In 2025, Al-Shaair led the Texans in tackles while anchoring one of the NFL’s top ranked defense, and received his first career selection to the Pro Bowl squad.

On April 29, 2026, the Texans signed Al-Shaair to a three-year, $54 million contract extension through the 2029 season.

==NFL career statistics==

Legend
| Bold | Career high |

=== Regular season ===

Year: Team; Games; Tackles; Fumbles; Interceptions
GP: GS; Cmb; Solo; Ast; Sck; TFL; FF; FR; Yds; TD; Int; Yds; Avg; Lng; TD; PD
2019: SF; 15; 4; 18; 11; 7; 0.0; 0; 0; 0; 0; 0; 0; 0; 0.0; 0; 0; 0
2020: SF; 16; 5; 35; 22; 18; 0.0; 1; 1; 0; 0; 0; 1; 0; 0.0; 0; 0; 2
2021: SF; 13; 13; 102; 58; 44; 2.0; 9; 1; 2; 12; 0; 1; 24; 24.0; 24; 0; 5
2022: SF; 12; 9; 44; 20; 24; 0.0; 1; 0; 1; 5; 0; 0; 0; 0.0; 0; 0; 0
2023: TEN; 17; 17; 163; 84; 79; 2.0; 9; 0; 1; 0; 0; 0; 0; 0.0; 0; 0; 4
2024: HOU; 11; 11; 70; 45; 25; 2.0; 7; 2; 0; 0; 0; 0; 0; 0.0; 0; 0; 4
2025: HOU; 16; 16; 103; 48; 55; 0.0; 1; 1; 1; 0; 0; 2; 0; 0.0; 0; 0; 9
Career: 100; 75; 535; 288; 247; 6.0; 28; 5; 5; 17; 0; 4; 24; 6.0; 24; 0; 24

=== Postseason ===

Year: Team; Games; Tackles; Fumbles; Interceptions
GP: GS; Cmb; Solo; Ast; Sck; TFL; FF; FR; Yds; TD; Int; Yds; Avg; Lng; TD; PD
2021: SF; 3; 1; 13; 7; 6; 0.0; 0; 0; 0; 0; 0; 0; 0; 0.0; 0; 0; 0
2022: SF; 3; 3; 12; 6; 6; 0.0; 0; 0; 0; 0; 0; 0; 0; 0.0; 0; 0; 0
2024: HOU; 2; 2; 12; 5; 7; 0.0; 0; 0; 0; 0; 0; 0; 0; 0.0; 0; 0; 0
2025: HOU; 2; 2; 15; 7; 8; 0.0; 1; 0; 2; 2; 0; 0; 0; 0.0; 0; 0; 0
Career: 10; 8; 52; 25; 27; 0.0; 1; 0; 2; 2; 0; 0; 0; 0.0; 0; 0; 0

==Personal life and advocacy==
Al-Shaair is a practicing Muslim and fasts during Ramadan, including when he was participating in FAU's summer practices. He began dating dental professional Yahaira Onofre, from Atlanta, in 2015, marrying her in 2022 after a four-year engagement. By late 2024, the couple had split and Al-Shaair was dating Kaya Coverson.

Al-Shaair has been involved in community outreach, with organizations such as United Way. His service efforts have additionally included youth development initiatives, recognition of local firefighters, and humanitarian awareness related to Palestine.
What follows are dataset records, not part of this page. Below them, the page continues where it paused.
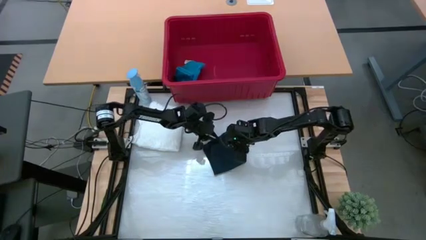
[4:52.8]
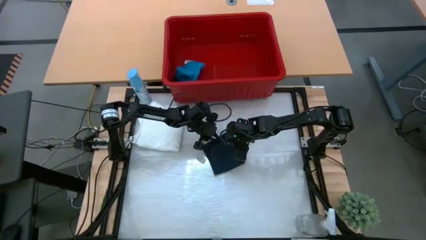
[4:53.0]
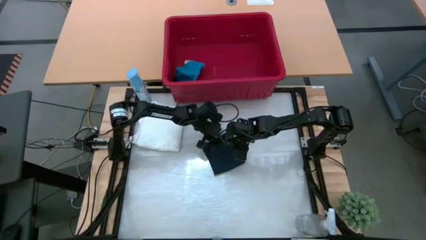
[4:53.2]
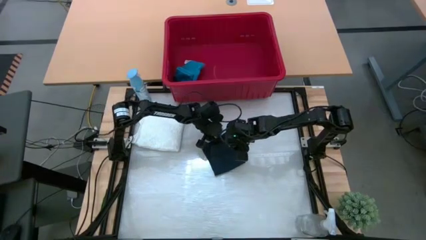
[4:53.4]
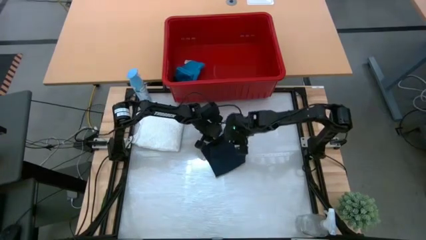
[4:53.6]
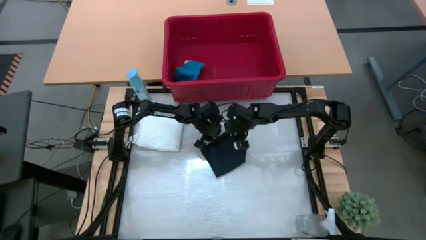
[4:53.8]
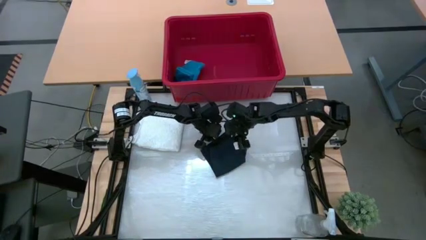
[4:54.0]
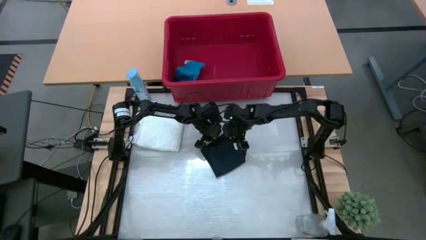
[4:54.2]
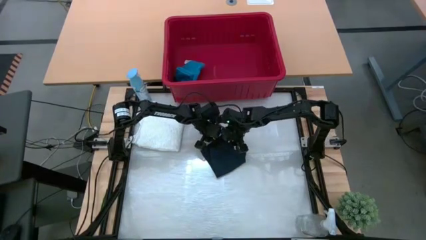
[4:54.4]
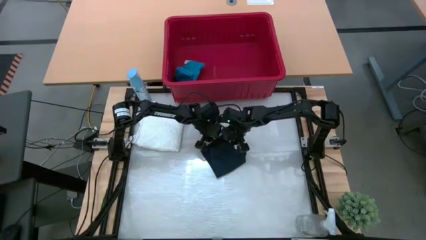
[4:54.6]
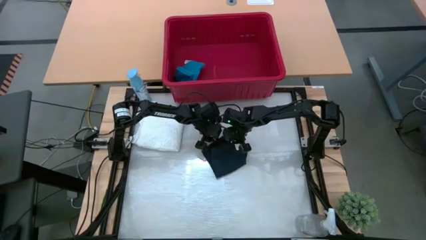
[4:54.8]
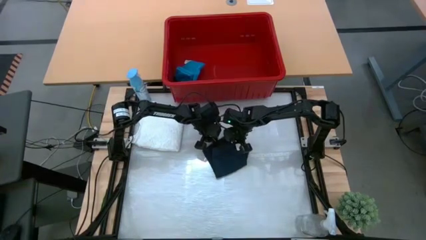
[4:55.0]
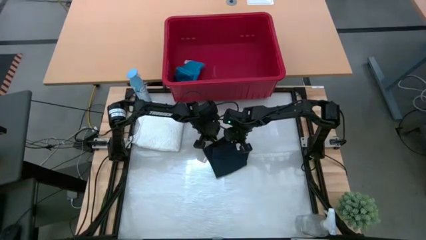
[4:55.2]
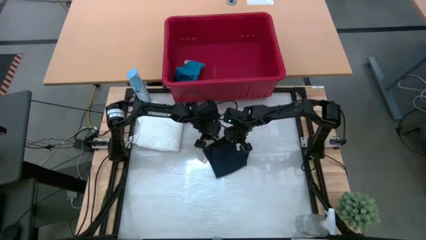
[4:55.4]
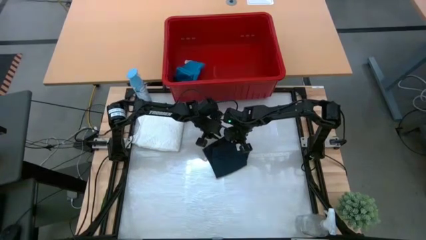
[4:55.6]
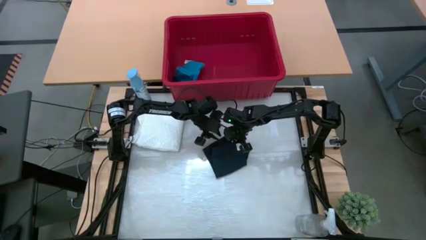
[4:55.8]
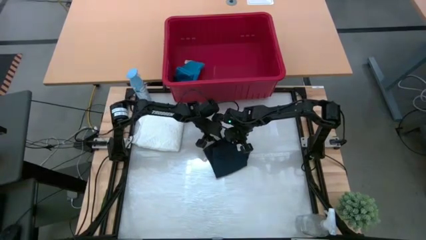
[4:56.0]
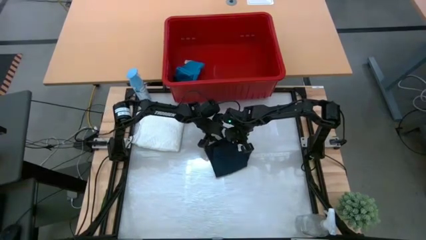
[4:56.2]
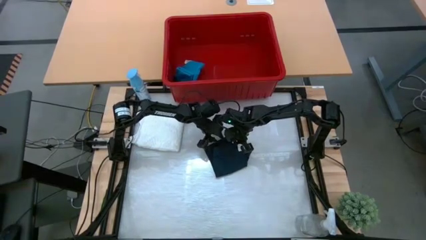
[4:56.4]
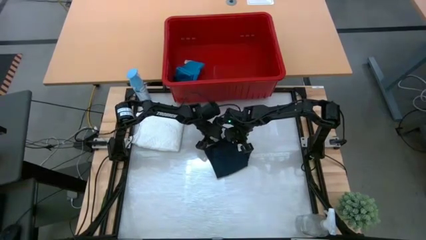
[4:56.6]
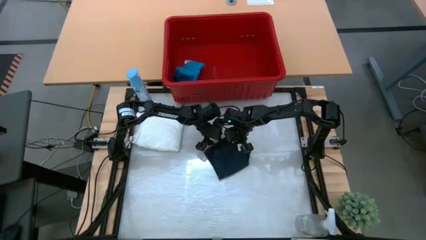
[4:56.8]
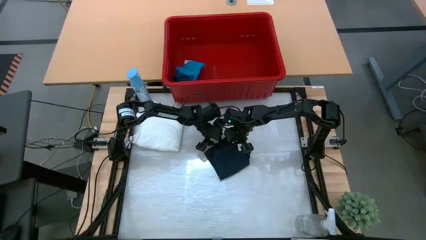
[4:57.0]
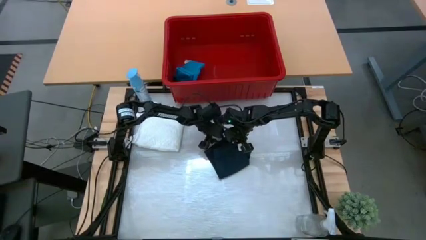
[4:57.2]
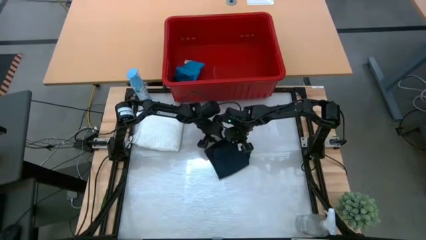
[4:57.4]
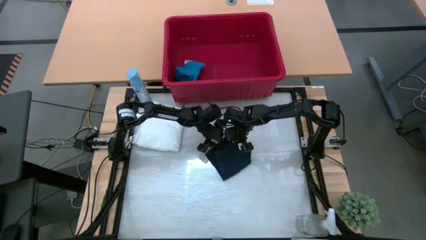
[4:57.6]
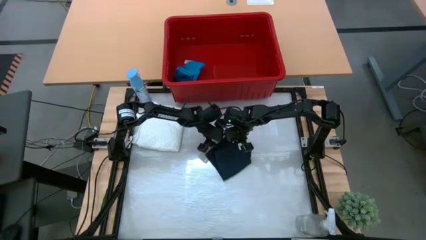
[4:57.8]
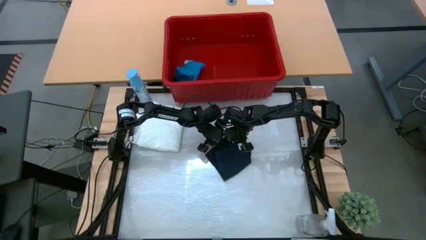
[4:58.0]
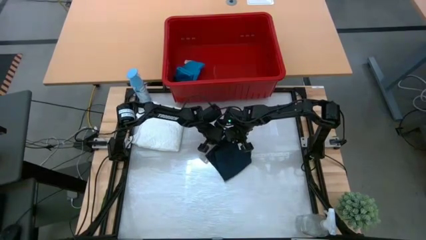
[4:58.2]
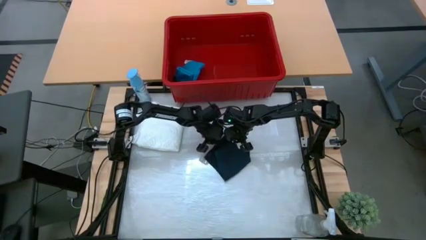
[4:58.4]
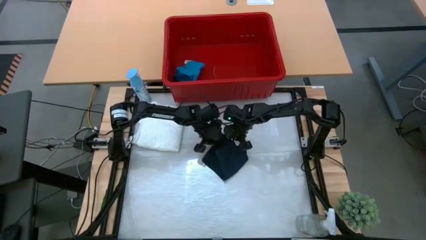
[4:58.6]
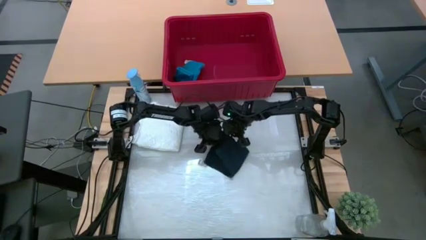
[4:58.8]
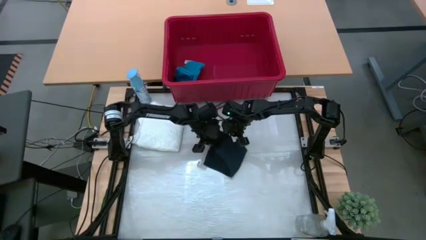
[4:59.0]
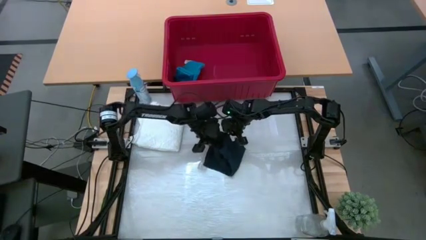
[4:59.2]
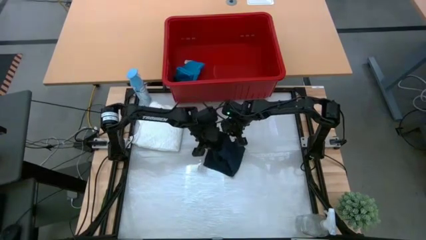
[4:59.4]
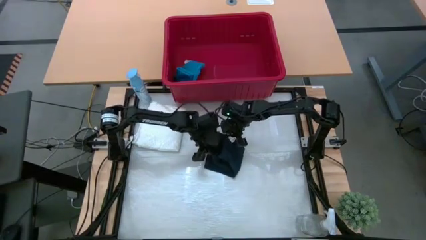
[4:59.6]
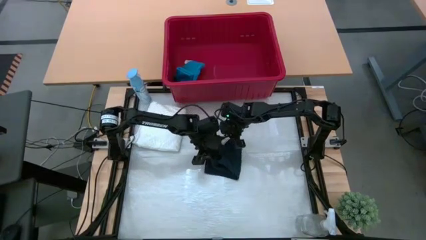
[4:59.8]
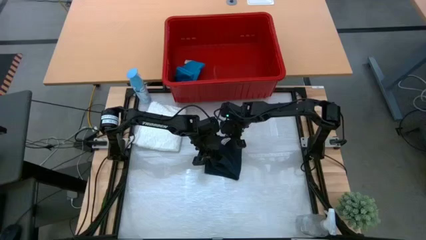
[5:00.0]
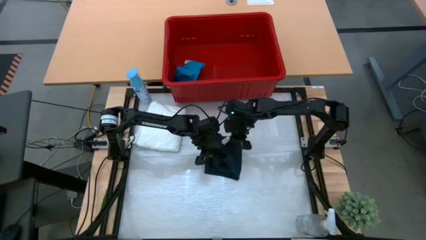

In recognition of his off-the-field leadership and impact, Al-Shaair was named the Texans' nominee for the NFL's Walter Payton Man of the Year Award for 2025.

Al-Shaair is an advocate for Palestinian rights and was seen wearing cleats with pro-Palestine messages as early as 2024. He wore an eye black with the message "stop the genocide" during a post-game interview with ESPN on January 12, 2026 after the Texans' playoff win over the Pittsburgh Steelers. Al-Shaair was fined $11,593 by the NFL for "violation of the NFL uniform and equipment rules." Al-Shaair wore a similar eye black during the January 18 game against the New England Patriots. On September 16, 2026, Al-Shaair was fined $11,593 by the NFL for writing the name Hind Rajab, a 5-year-old girl who was killed by the IDF in Gaza, in his eye black. Similarly, a few days later, Al-Shaair wore an eye black bearing the name of Wafaa Akila, an 8-year-old Palestinian girl killed in an Israeli strike on September 6.